Costa anuncia aumento para 1.500 milhões de euros da linha de crédito às exportações

Foto: Lusa
O primeiro-ministro, António Costa, discursa durante um encontro com empresários a trabalhar em Angola, em Luanda, Angola, 17 de setembro de 2018. O primeiro-ministro inicia esta segunda-feira, uma visita oficial de dois dias a Angola, durante a qual procurará retomar rapidamente os níveis anteriores a 2014 nas relações económicas e normalizar os contactos bilaterais político-diplomáticos.
Portugal 2 min. 17.09.2018

Costa anuncia aumento para 1.500 milhões de euros da linha de crédito às exportações

De visita a Angola, o primeiro-ministro considerou que esta medida "é um sinal da vontade dos dois países continuarem a estreitar relações económicas".

O primeiro-ministro anunciou hoje que o Governo português vai aumentar a linha de crédito de apoio às exportações para Angola de 1.000 para 1.500 milhões de euros, medida que considerou enquadrar-se na "solidez" das relações políticas luso-angolanas.

António Costa falava no início de uma reunião com empresários portugueses com investimentos no mercado angolano, num discurso marcadamente económico, mas em que também falou de "emoção" e "paixão" sempre presente nas relações luso-angolanas.

"Vamos aumentar a linha de crédito de apoio às exportações dos atuais 1.000 para os 1.500 milhões de euros.

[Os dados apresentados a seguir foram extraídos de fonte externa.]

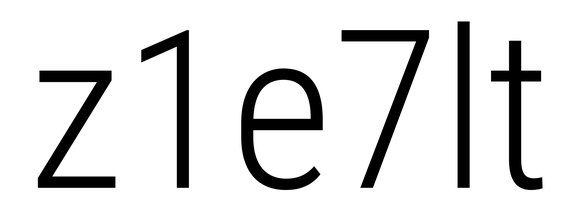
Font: Roboto_Condensed_Light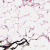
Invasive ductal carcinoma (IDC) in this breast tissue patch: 0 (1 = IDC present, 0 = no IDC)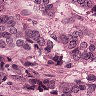
Metastatic tissue present: yes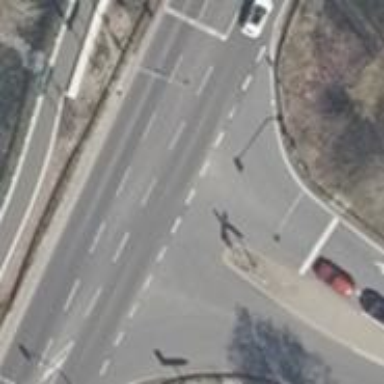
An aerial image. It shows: Secondary road with asphalt surface.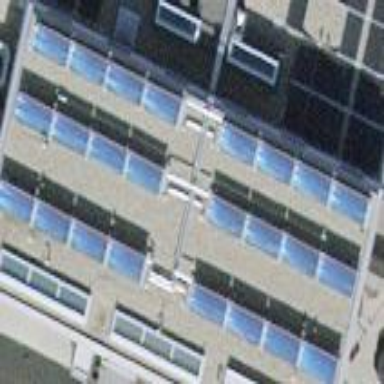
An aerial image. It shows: Solar thermal collector generator placed on the roof.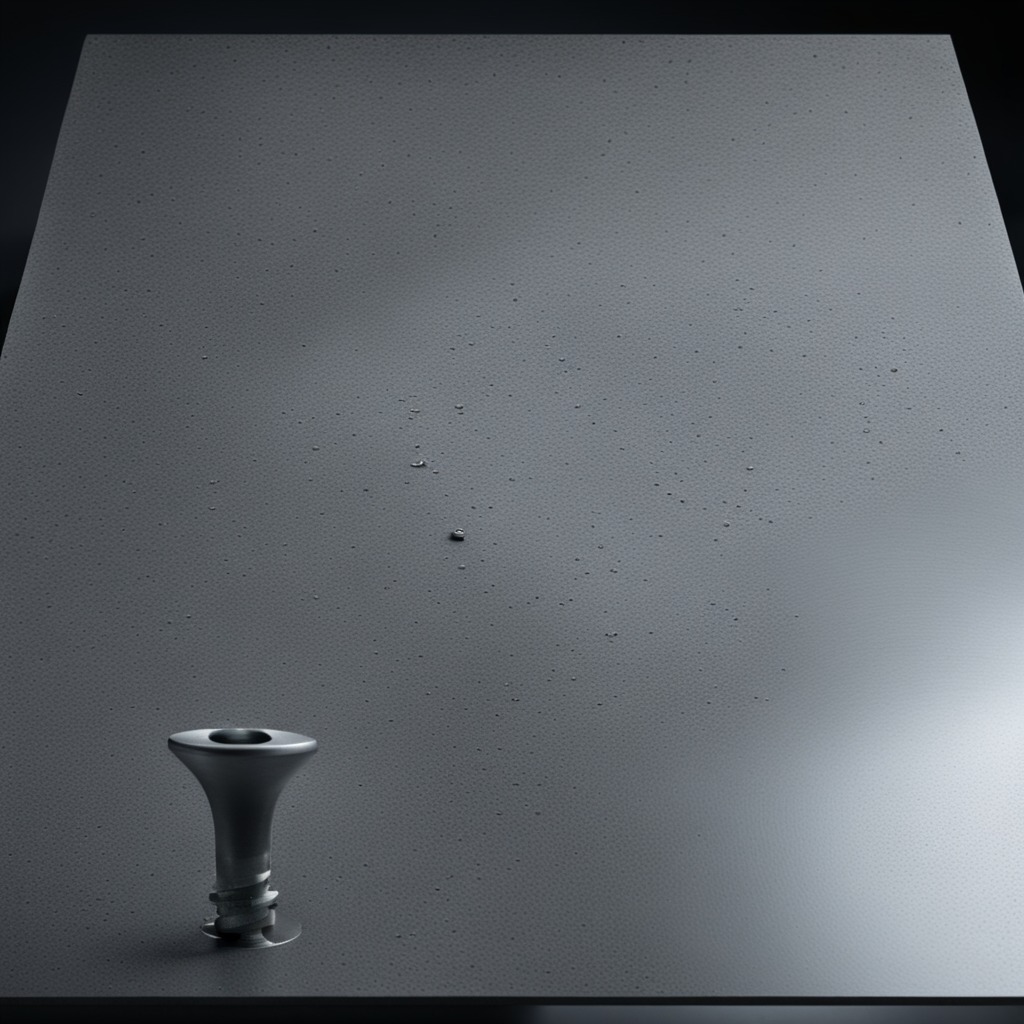
A metal screw is lying on a clean granite table inside a workshop at night dim ambient light soft shadows worn but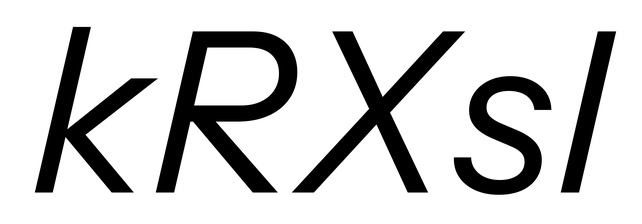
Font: InstrumentSans-Italic_Italic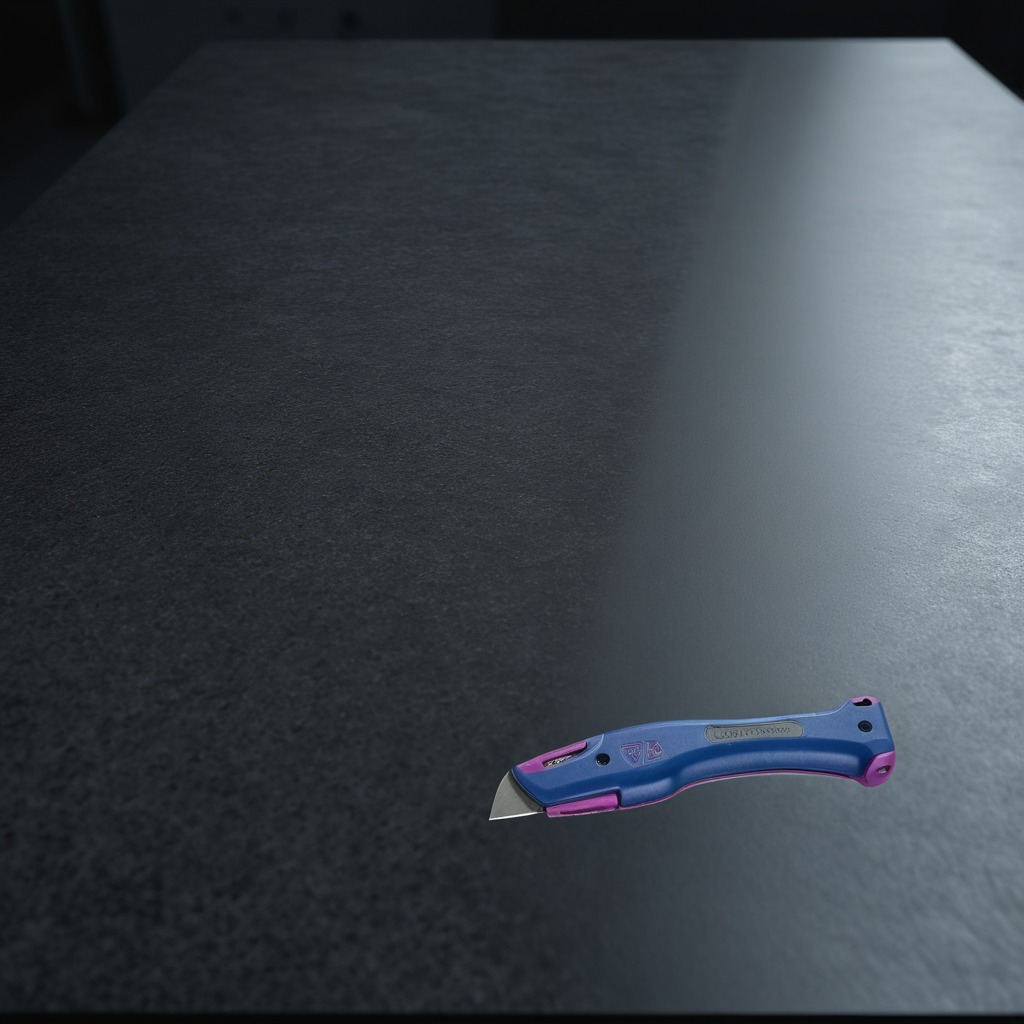
A utility knife is lying on the clean granite table inside a workshop at night.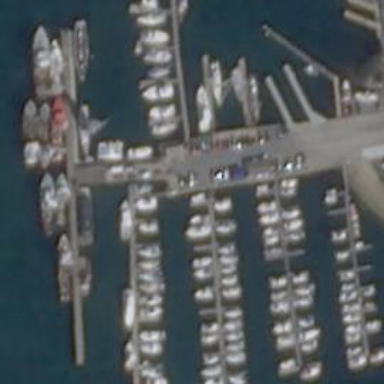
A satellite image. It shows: Man-made pier.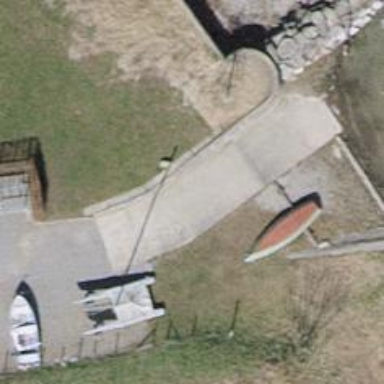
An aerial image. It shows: Slipway on leisure land.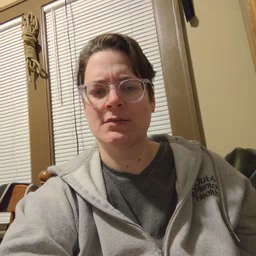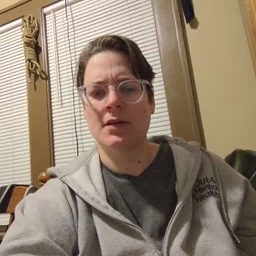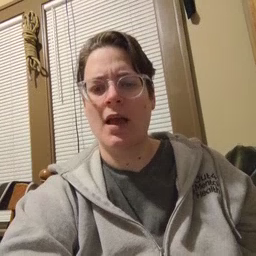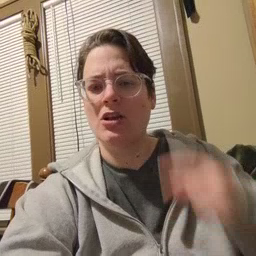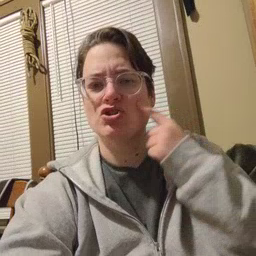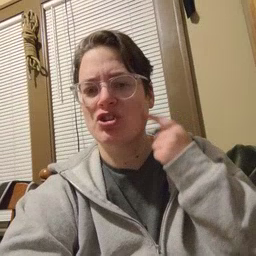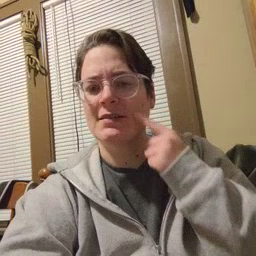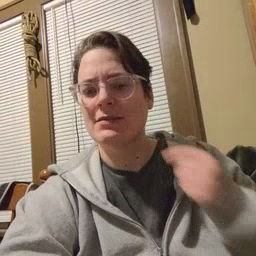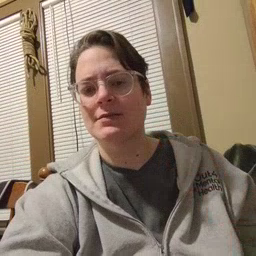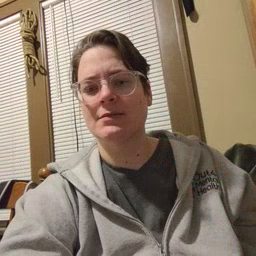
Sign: cheek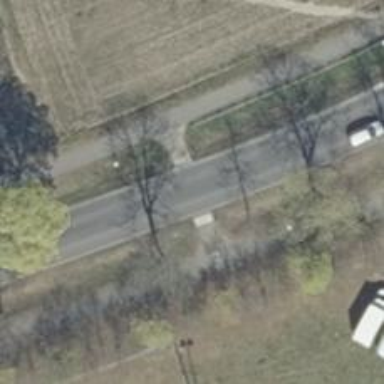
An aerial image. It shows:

Esta linha de crédito ampliada e renovada é um sinal muito importante da vontade dos dois países continuarem a estreitar as suas relações económicas", declarou o primeiro-ministro.

Perante os empresários portugueses, o líder do executivo defendeu a tese sobre a necessidade de novos objetivos e, por outro lado, de os diferentes agentes no terreno "não se cingirem ao que têm feito" em termos de cooperação.

"Há ainda muito para fazer no futuro. Com a assinatura do novo acordo estratégico para a cooperação (2018/2022) vamos além dos domínios tradicionais da saúde e da educação. Alargaremos a cooperação a áreas de soberania como a defesa, a colaboração técnica policial ou a administração tributária", especificou.

Para António Costa, os passos agora dados "traduzem que as relações políticas entre Portugal e Angola não só estão boas, como estão sólidas e com grande perspetiva de poderem aprofundar-se ao longo dos próximos anos".

"Da parte de Portugal, creio que não há com nenhum outro país, em qualquer continente, uma relação tão intensa como temos com Angola, assente nos laços individuais que se foram estabelecendo. Como todas relações intensas marcadas pela paixão, muitas vezes essas relações são também emotivas. Mas, como sabemos, sem emoção não há uma boa relação", advogou.

Ainda neste capítulo da sua intervenção, o primeiro-ministro defendeu que, no âmbito da relação entre África e União Europeia, Portugal e Angola encontram-se em posição privilegiada.

"As relações políticas são essenciais, mas é absolutamente indispensável que o relacionamento humano, com a presença constante de quem aqui trabalha e investe, continue a construir a aprofundar as nossas relação com Angola", afirmou, numa nova mensagem dirigida à comunidade empresarial portuguesa radicada em Luanda.